Der Bedarf an sozialpädagogischer Beratung in der Schule wird wachsen. Mehrfach wurde Teamfähigkeit und interdisziplinäres Arbeiten der Lehrerinnen und Lehrer als wichtige Voraussetzungen genannt. Der Umgang mit neuen Medien sollte fester Bestandteil der Lehrerausbildung sein. In Fortbildungsveranstaltungen sollten verstärkt medienpädagogische Kenntnisse vermittelt werden, wobei der Anteil schulinterner Fortbildung deutlich wachsen müsste.
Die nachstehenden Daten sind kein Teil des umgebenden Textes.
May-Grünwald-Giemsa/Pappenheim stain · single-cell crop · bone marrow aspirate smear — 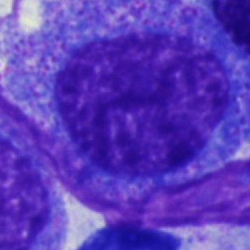
Impression — promyelocyte.
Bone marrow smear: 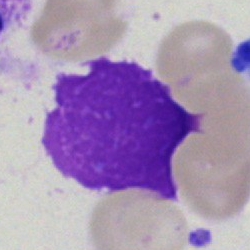

The cell shown is an artifact.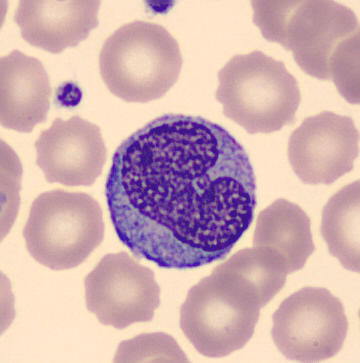

The cell shown is a monocyte.

Peripheral blood film. Single cell centered in the field.
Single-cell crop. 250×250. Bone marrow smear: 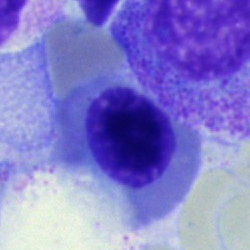 Specimen: bone marrow aspirate smear.
Cell: erythroblast.
Lineage: erythroid.
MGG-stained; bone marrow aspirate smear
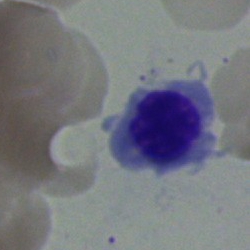Specimen: bone marrow smear.
Morphological class: nucleated red cell.
Lineage: erythroid.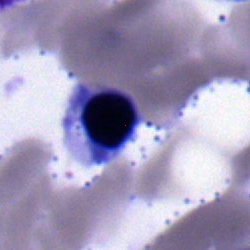A nucleated red cell.
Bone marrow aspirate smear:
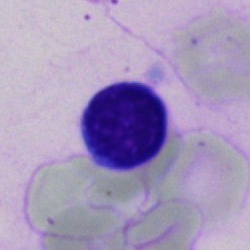 The cell type is typical lymphocyte.
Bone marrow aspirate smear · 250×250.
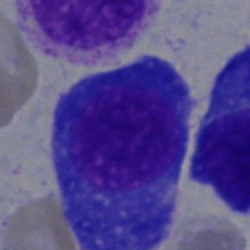

Impression → plasmacyte.
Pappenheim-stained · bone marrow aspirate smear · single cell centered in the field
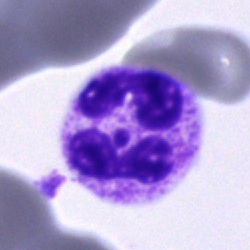

Single cell identified as a polymorphonuclear neutrophil.
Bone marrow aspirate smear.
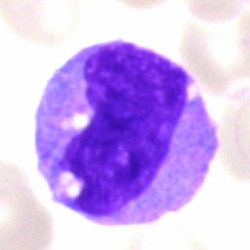
Morphology consistent with a monocyte.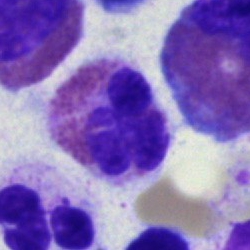Bone marrow aspirate smear, single cell — eosinophil.
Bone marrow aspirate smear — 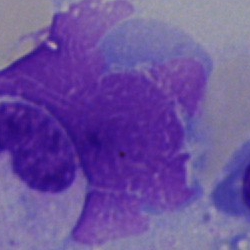Q: What is shown here?
A: It is an artifact.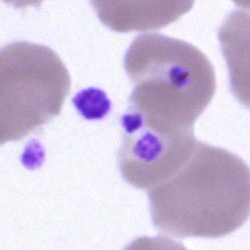Showing an artefact.
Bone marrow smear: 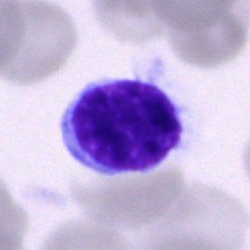Q: What is the morphological classification of this cell?
A: This is a lymphocyte.
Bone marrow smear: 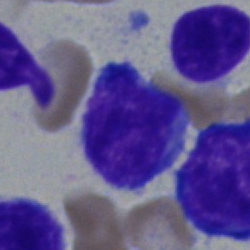 Q: What type of cell is this?
A: This is a lymphocyte.
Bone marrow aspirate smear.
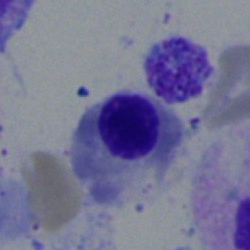Morphology — nucleated red blood cell.
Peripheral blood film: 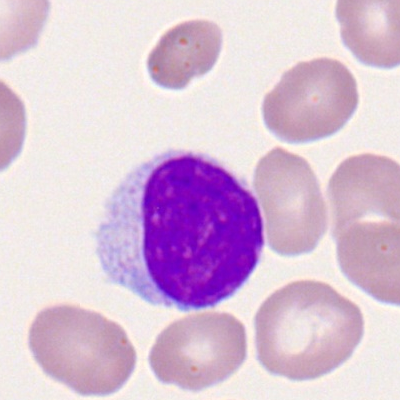
This is a lymphocyte.
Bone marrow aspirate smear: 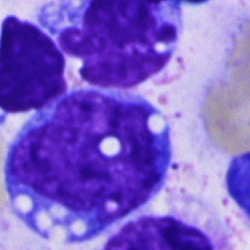
Impression → monocyte.
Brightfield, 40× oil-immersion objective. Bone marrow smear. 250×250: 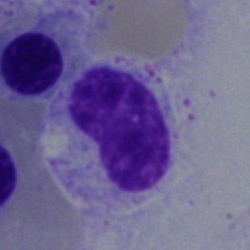 Specimen: bone marrow smear.
Morphological class: band neutrophil.
Lineage: myeloid.
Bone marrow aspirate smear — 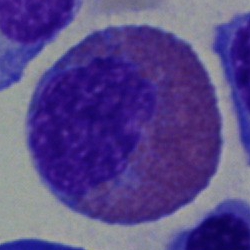
Showing an eosinophil.
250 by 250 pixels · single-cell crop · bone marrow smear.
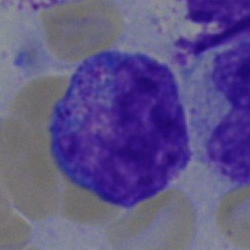
Morphological class: myelocyte.
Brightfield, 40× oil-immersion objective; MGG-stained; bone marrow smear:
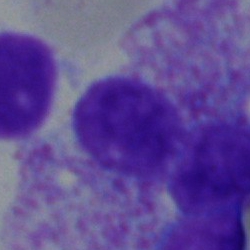
The cell shown is an artifact.
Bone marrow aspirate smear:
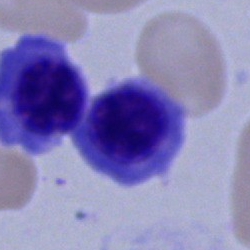 The classification is erythroblast.

In solchen Fortbildungsveranstaltungen sollte es vor allem um folgende Kompetenzen gehen:

  • Erkennen individueller Lernprobleme der Schüler
  • zielgerichtete Auswahl und Nutzung der Medien
  • Sichere Bedienung von Standardsoftware
  • Kritische Informationsauswahl
  • Überprüfung des Wahrheitsgehalts von Informationen
  • Effizientes Suchen und Recherchieren mit dem PC
  • Kenntnis und Beherrschung von Präsentationstechniken
  • Sichere Anwendung fachspezifischer Software
  • Auswahl geeigneter Medien für die jeweiligen Lehrinhalte
  • Kenntnisse über Mediennutzung von Jugendlichen
  • Förderung der Konzentrationsfähigkeit der Schüler
  • Fähigkeit zur Binnendifferenzierung
  • Moderationsfähigkeiten
  • Fähigkeiten zur Lernberatung
  • Entwicklung von Bewertungsverfahren für die mit neuen Medien erbrachten Leistungen
  • Fähigkeiten zum Methodentraining
  • gute Kenntnisse der englischen Sprache
  • Kenntnisse über psychologische Grundlagen des Lernens mit Medien
  • Erkennen und Beheben einfacher technischer Störungen von neuen Medien
  • Fähigkeiten zu Pädagogischer Diagnostik

Da Grundkenntnisse in Informatik von den Lehrerinnen und Lehrer mit geringer Bedeutung eingestuft wurden, kann angenommen werden, dass die neuen Medien stärker anwendungsbezogen genutzt werden.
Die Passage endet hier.